__Task directions__
A word-for-word copy of the data is what's wanted, with no pictures.

*** Opening of Available data ***

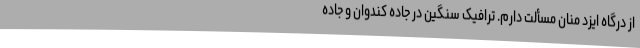
از درگاه ايزد منان مسألت دارم. ترافیک سنگین در جاده کندوان و جاده
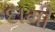
દામી
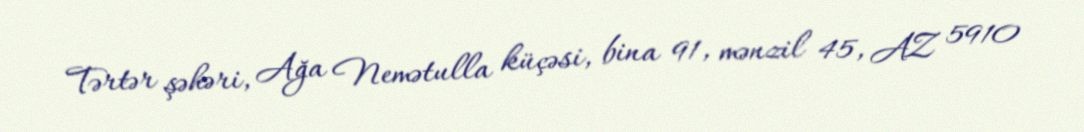
Tərtər şəhəri, Ağa Nemətulla küçəsi, bina 91, mənzil 45, AZ 5910
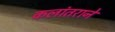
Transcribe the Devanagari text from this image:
कलांतराने
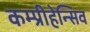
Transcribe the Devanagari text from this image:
कम्प्रीहेन्सिव
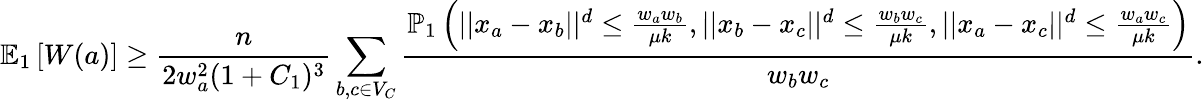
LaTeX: \mathbb{E}_{1}\left[W(a)\right]\geq\frac{n}{2w_{a}^{2}(1+C_{1})^{3}}\sum_{b,c\in V_{C}}\frac{\mathbb{P}_{1}\left(||x_{a}-x_{b}||^{d}\leq\frac{w_{a}w_{b}}{\mu k},||x_{b}-x_{c}||^{d}\leq\frac{w_{b}w_{c}}{\mu k},||x_{a}-x_{c}||^{d}\leq\frac{w_{a}w_{c}}{\mu k}\right)}{w_{b}w_{c}}.
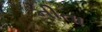
નીતા
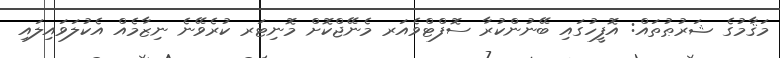
މަޤާމުގެ ޝަރުޠުތައް: އޮފީހުގައި ބޭނުންކުރާ ސޮފްޓްވެއަރ މެނޭޖްކޮށް މޮނިޓަރ ކުރެވޭނެ ނިޒާމެއް އެކުލަވައިލައި
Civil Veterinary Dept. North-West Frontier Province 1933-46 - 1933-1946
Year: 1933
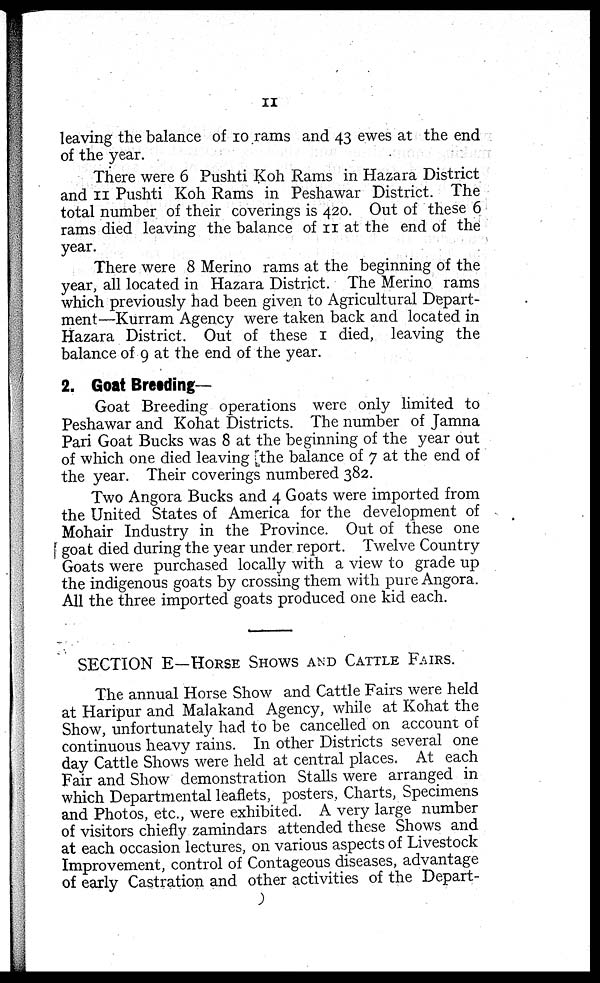
11
leaving the balance of 10 rams and 43 ewes at the end
of the year.
There were 6 Pushti Koh Rams in Hazara District
and 11 Pushti Koh Rams in Peshawar District. The
total number of their coverings is 420. Out of these 6
rams died leaving the balance of 11 at the end of the
year.
There were 8 Merino rams at the beginning of the
year, all located in Hazara District. The Merino rams
which previously had been given to Agricultural Depart-
ment—Kurram Agency were taken back and located in
Hazara District. Out of these 1 died, leaving the
balance of 9 at the end of the year.
2. Goat Breeding—
Goat Breeding operations were only limited to
Peshawar and Kohat Districts. The number of Jamna
Pari Goat Bucks was 8 at the beginning of the year out
of which one died leaving the balance of 7 at the end of
the year. Their coverings numbered 382.
Two Angora Bucks and 4 Goats were imported from
the United States of America for the development of
Mohair Industry in the Province. Out of these one
goat died during the year under report. Twelve Country
Goats were purchased locally with a view to grade up
the indigenous goats by crossing them with pure Angora.
All the three imported goats produced one kid each.
SECTION E—HORSE SHOWS AND CATTLE FAIRS.
The annual Horse Show and Cattle Fairs were held
at Haripur and Malakand Agency, while at Kohat the
Show, unfortunately had to be cancelled on account of
continuous heavy rains. In other Districts several one
day Cattle Shows were held at central places. At each
Fair and Show demonstration Stalls were arranged in
which Departmental leaflets, posters. Charts, Specimens
and Photos, etc., were exhibited. A very large number
of visitors chiefly zamindars attended these Shows and
at each occasion lectures, on various aspects of Livestock
Improvement, control of Contageous diseases, advantage
of early Castration and other activities of the Depart-
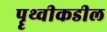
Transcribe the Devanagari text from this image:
पॄथ्वीकडील
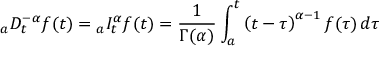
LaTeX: _ { a } D _ { t } ^ { - \alpha } f ( t ) = { } _ { a } I _ { t } ^ { \alpha } f ( t ) = { \frac { 1 } { \Gamma ( \alpha ) } } \int _ { a } ^ { t } \left( t - \tau \right) ^ { \alpha - 1 } f ( \tau ) \, d \tau

*** Close of Available data ***

__Output__
از درگاه ايزد منان مسألت دارم. ترافیک سنگین در جاده کندوان و جاده
દામી
Tərtər şəhəri, Ağa Nemətulla küçəsi, bina 91, mənzil 45, AZ 5910
Transcribe the Devanagari text from this image:
कलांतराने
Transcribe the Devanagari text from this image:
कम्प्रीहेन्सिव
LaTeX: \mathbb{E}_{1}\left[W(a)\right]\geq\frac{n}{2w_{a}^{2}(1+C_{1})^{3}}\sum_{b,c\in V_{C}}\frac{\mathbb{P}_{1}\left(||x_{a}-x_{b}||^{d}\leq\frac{w_{a}w_{b}}{\mu k},||x_{b}-x_{c}||^{d}\leq\frac{w_{b}w_{c}}{\mu k},||x_{a}-x_{c}||^{d}\leq\frac{w_{a}w_{c}}{\mu k}\right)}{w_{b}w_{c}}.
નીતા
މަޤާމުގެ ޝަރުޠުތައް: އޮފީހުގައި ބޭނުންކުރާ ސޮފްޓްވެއަރ މެނޭޖްކޮށް މޮނިޓަރ ކުރެވޭނެ ނިޒާމެއް އެކުލަވައިލައި
Civil Veterinary Dept. North-West Frontier Province 1933-46 - 1933-1946
Year: 1933
11
leaving the balance of 10 rams and 43 ewes at the end
of the year.
There were 6 Pushti Koh Rams in Hazara District
and 11 Pushti Koh Rams in Peshawar District. The
total number of their coverings is 420. Out of these 6
rams died leaving the balance of 11 at the end of the
year.
There were 8 Merino rams at the beginning of the
year, all located in Hazara District. The Merino rams
which previously had been given to Agricultural Depart-
ment—Kurram Agency were taken back and located in
Hazara District. Out of these 1 died, leaving the
balance of 9 at the end of the year.
2. Goat Breeding—
Goat Breeding operations were only limited to
Peshawar and Kohat Districts. The number of Jamna
Pari Goat Bucks was 8 at the beginning of the year out
of which one died leaving the balance of 7 at the end of
the year. Their coverings numbered 382.
Two Angora Bucks and 4 Goats were imported from
the United States of America for the development of
Mohair Industry in the Province. Out of these one
goat died during the year under report. Twelve Country
Goats were purchased locally with a view to grade up
the indigenous goats by crossing them with pure Angora.
All the three imported goats produced one kid each.
SECTION E—HORSE SHOWS AND CATTLE FAIRS.
The annual Horse Show and Cattle Fairs were held
at Haripur and Malakand Agency, while at Kohat the
Show, unfortunately had to be cancelled on account of
continuous heavy rains. In other Districts several one
day Cattle Shows were held at central places. At each
Fair and Show demonstration Stalls were arranged in
which Departmental leaflets, posters. Charts, Specimens
and Photos, etc., were exhibited. A very large number
of visitors chiefly zamindars attended these Shows and
at each occasion lectures, on various aspects of Livestock
Improvement, control of Contageous diseases, advantage
of early Castration and other activities of the Depart-
Transcribe the Devanagari text from this image:
पॄथ्वीकडील
LaTeX: _ { a } D _ { t } ^ { - \alpha } f ( t ) = { } _ { a } I _ { t } ^ { \alpha } f ( t ) = { \frac { 1 } { \Gamma ( \alpha ) } } \int _ { a } ^ { t } \left( t - \tau \right) ^ { \alpha - 1 } f ( \tau ) \, d \tau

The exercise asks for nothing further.